When it comes to the medieval monastery, we have sufficient sources-including Robert de Cotte's survey drawings, a number of images from before the eighteenth century, as well as recent archaeological observations carried out at the site-to offer a reconstruction of the monastery's buildings, in particular the Romanesque cloister and the guest house attributed to the same period. In all likelihood, the four galleries of the cloister abutted the unfinished side aisle of the basilica to the north, and an earlier state of the sleeping quarters and refectory to the east and the south. To the west, they bordered the new wing of the guest house, which appear to have been built with a high gallery lit by a series of arcades atop the sloping roof of the cloister.
Reconstructed view of the Romanesque cloister and the guest house.
© Ministère de la culture M. Wyss, A.-B. Pimpaud, M.-O. Agnes.
Restitution the churches of Saint-Paul and of Saint-Pierre.
© Ministère de la culture M. Wyss, A.-B. Pimpaud, M.-O. Agnes.
Reconstructed view of the Saint-Barthélemy and Saint-Michel-du-Degré churches, and the two-storey building.
© Ministère de la culture M. Wyss, A.-B. Pimpaud, M.-O. Agnes.
The two churches discovered at the northern edge of the main cemetery remained in use. The choir of the Saint-Barthélemy church was given an eastern annex. The church of Saint-Pierre was rebuilt from the foundations up, but without changing the layout. To the south, the apse was flanked by a tower. When we compare a plan that predates the demolition of the Saint-Paul collegiate church with François Debret survey of the cleared-off vestiges in 1842-43, as well as with more recent observations carried out on smaller surface areas, we may conclude that the church was reconstructed along the lines of a basilica. The nave, with its two rows of drum piers, was eight bays long and was directly connected to a choir that ended in a hemicycle. A square bell tower was located in the final bay of the southern side aisle, and was flanked to the east by a circular turret staircase built partially into the construction.

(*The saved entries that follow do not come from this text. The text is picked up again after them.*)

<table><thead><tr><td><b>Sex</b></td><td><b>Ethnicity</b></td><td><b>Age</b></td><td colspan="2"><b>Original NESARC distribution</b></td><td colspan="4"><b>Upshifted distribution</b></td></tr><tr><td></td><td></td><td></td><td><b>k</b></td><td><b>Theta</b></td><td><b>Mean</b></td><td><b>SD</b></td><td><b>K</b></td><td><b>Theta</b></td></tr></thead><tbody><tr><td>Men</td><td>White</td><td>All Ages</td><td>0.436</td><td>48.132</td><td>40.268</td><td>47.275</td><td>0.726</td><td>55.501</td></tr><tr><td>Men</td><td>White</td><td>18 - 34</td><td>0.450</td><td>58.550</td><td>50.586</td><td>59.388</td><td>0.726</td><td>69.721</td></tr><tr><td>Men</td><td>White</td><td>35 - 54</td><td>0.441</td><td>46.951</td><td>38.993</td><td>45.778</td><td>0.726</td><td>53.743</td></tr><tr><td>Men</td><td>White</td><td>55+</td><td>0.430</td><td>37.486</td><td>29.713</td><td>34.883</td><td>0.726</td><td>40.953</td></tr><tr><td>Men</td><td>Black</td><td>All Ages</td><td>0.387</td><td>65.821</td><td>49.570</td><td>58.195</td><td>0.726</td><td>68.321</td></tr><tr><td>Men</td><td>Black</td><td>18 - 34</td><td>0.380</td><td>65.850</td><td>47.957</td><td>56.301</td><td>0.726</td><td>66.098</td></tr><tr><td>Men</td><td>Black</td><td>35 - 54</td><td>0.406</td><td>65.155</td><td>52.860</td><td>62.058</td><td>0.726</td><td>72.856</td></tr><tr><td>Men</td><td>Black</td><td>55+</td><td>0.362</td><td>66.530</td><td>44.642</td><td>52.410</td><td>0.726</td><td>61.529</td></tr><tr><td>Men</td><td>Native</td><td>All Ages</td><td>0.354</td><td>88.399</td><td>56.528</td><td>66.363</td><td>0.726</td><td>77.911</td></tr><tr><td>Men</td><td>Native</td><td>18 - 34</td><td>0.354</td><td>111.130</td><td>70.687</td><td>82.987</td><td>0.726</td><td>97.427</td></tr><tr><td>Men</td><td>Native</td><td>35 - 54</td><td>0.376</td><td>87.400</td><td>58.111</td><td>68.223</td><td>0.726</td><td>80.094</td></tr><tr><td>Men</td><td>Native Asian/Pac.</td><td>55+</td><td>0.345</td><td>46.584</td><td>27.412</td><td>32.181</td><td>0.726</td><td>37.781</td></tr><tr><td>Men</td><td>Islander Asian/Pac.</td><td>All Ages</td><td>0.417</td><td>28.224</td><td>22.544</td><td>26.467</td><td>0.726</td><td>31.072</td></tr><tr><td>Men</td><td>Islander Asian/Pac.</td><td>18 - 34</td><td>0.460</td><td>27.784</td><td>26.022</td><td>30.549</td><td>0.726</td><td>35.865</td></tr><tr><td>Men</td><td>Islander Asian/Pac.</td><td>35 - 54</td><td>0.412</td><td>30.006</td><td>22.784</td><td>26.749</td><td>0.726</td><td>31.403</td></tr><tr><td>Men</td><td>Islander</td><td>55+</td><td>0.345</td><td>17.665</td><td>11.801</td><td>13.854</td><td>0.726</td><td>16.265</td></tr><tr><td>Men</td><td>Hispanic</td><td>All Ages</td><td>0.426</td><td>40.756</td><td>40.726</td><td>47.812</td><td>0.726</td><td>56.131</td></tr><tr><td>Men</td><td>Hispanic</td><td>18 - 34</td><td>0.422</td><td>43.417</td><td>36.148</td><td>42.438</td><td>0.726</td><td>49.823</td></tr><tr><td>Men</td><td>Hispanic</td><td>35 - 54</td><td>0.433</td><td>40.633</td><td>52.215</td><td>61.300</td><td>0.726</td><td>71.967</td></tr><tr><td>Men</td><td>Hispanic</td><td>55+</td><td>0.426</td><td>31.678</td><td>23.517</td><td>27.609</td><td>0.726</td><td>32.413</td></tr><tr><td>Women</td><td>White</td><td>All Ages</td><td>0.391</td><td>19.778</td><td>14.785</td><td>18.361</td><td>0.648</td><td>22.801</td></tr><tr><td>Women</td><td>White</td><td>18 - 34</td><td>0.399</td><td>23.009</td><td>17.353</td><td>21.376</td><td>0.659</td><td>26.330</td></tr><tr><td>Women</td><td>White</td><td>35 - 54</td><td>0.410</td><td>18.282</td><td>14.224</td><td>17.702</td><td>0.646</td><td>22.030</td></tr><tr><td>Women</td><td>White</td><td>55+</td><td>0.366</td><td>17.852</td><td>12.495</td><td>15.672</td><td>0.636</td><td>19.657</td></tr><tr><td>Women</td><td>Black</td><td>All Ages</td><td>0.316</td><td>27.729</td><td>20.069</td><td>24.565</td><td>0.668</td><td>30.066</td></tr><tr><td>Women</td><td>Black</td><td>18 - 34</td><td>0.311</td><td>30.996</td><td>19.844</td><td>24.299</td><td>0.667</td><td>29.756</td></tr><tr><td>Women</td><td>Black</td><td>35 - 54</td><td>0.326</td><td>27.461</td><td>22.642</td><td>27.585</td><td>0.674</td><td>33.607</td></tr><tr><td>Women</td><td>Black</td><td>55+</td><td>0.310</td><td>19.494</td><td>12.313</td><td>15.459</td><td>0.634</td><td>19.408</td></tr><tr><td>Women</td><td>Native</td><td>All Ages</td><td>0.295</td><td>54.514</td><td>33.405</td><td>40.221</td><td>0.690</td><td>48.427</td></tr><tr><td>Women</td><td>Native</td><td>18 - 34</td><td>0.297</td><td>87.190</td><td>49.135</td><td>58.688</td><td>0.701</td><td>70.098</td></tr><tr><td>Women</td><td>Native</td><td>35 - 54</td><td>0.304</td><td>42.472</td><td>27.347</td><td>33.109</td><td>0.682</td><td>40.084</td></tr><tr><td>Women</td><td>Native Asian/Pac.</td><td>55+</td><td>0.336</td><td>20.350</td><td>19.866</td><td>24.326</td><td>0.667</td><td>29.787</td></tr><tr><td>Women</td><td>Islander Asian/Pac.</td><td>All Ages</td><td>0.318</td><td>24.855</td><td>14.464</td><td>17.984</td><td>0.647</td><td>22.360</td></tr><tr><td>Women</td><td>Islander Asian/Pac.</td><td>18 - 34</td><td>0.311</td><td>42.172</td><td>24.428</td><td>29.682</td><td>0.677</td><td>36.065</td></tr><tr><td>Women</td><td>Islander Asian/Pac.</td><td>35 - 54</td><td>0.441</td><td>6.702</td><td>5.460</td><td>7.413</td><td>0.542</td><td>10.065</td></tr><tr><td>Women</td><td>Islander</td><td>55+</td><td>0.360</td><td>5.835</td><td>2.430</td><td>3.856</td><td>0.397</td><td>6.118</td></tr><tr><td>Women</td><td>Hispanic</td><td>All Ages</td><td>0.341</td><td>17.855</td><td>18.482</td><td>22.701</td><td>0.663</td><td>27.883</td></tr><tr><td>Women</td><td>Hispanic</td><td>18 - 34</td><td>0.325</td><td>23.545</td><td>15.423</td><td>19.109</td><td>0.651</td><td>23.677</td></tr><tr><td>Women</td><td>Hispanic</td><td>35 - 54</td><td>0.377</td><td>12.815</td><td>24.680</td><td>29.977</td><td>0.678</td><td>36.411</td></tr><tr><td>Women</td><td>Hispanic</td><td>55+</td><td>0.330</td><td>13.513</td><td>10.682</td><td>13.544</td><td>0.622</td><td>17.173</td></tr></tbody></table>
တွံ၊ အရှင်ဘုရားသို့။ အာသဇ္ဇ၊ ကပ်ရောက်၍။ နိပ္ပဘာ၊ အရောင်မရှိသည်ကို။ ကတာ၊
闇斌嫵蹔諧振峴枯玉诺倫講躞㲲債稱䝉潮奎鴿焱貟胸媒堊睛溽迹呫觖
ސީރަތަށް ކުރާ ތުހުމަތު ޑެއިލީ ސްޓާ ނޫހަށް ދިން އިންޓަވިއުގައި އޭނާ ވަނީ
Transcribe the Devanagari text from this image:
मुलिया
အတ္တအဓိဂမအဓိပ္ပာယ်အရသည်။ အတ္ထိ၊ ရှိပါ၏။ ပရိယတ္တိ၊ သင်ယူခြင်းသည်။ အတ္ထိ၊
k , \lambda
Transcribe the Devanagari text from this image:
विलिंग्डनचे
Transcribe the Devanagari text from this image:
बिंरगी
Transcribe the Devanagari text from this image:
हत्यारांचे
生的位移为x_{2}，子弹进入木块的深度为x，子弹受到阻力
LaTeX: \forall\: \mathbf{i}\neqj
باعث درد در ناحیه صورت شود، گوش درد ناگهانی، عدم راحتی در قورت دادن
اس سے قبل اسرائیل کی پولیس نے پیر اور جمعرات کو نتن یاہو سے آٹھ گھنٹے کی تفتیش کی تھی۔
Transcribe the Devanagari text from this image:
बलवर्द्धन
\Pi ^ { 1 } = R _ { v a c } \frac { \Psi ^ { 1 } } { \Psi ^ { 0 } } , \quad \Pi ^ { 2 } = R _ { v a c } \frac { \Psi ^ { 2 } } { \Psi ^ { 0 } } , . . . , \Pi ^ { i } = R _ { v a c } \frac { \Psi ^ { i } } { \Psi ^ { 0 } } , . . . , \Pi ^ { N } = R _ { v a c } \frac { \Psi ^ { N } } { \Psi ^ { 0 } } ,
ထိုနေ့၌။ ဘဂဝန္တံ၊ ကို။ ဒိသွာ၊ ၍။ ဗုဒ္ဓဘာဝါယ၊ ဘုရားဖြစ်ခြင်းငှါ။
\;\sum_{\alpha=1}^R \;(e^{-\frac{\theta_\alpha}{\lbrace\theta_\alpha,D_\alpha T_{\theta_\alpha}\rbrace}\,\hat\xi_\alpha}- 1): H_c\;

The morphology of of the residential area was also altered by the accelerated pace of new construction. An initial building, with faced walls, is aligned with a standing section of the wall of the former palace. The most basic hypothesis allows us to reconstruct it as a roughly square house with at least one floor. An imposing perimeter wall abutted the northeast corner of the house, and connected in a straight line with the Saint-Barthélemy church 48 meters to the east. There is a break in the middle of this wall that probably corresponded to a gate. To the east, the wall delimited a funerary zone. To the west, in combination with the wall section from the former palace, it created an oblong courtyard whose small eastern end was closed off by an isolated tower. Later, a fourth church was built, dedicated to Saint-Michel-du-Degré. Its rectangular apse-which a passageway separated from the gable of the Saint-Barthélemy church-was connected to a single nave that abutted the cemetery's boundary wall. The western façade of the church appears to appropriate the isolated tower. Although the building was buttressed, a simple roof probably provided cover.